#### YOUR ASSIGNMENT
The job is to output exactly the lines that run from the start of the entries through the line containing "Q: How is the", pictures omitted.

═══ ENTRIES PROVIDED ═══

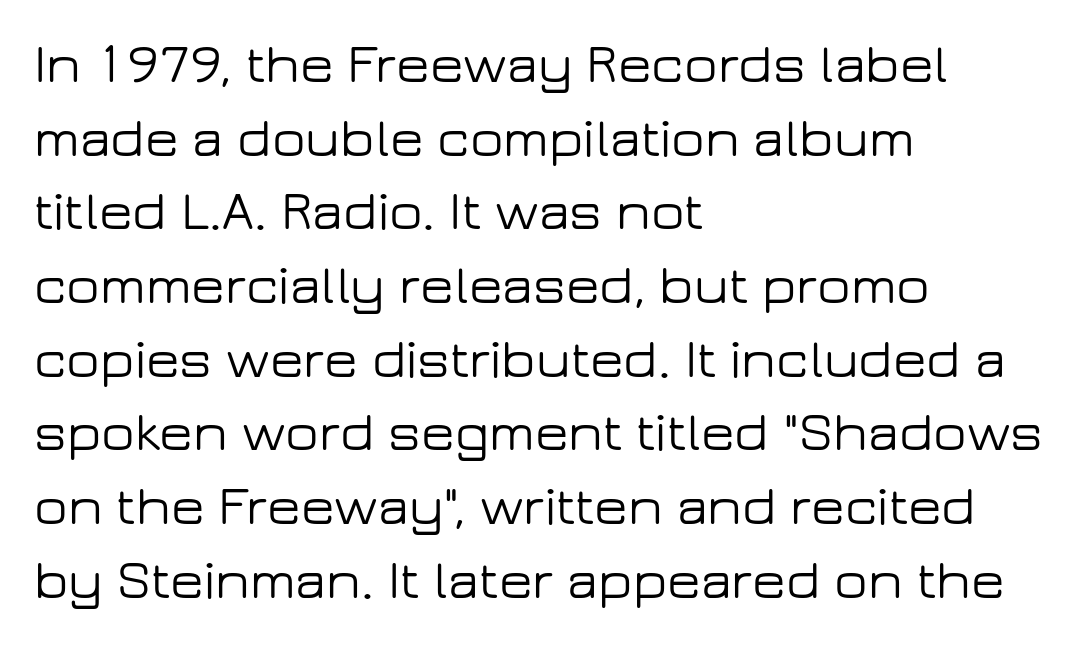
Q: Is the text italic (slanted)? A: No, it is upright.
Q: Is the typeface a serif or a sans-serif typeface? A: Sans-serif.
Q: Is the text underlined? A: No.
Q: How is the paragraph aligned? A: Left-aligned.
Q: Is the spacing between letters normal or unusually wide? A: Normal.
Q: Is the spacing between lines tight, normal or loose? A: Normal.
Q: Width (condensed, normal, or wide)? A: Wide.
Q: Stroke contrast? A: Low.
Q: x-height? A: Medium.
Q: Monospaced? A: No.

═══

#### ANSWER
Q: Is the text italic (slanted)? A: No, it is upright.
Q: Is the typeface a serif or a sans-serif typeface? A: Sans-serif.
Q: Is the text underlined? A: No.
Q: How is the paragraph aligned? A: Left-aligned.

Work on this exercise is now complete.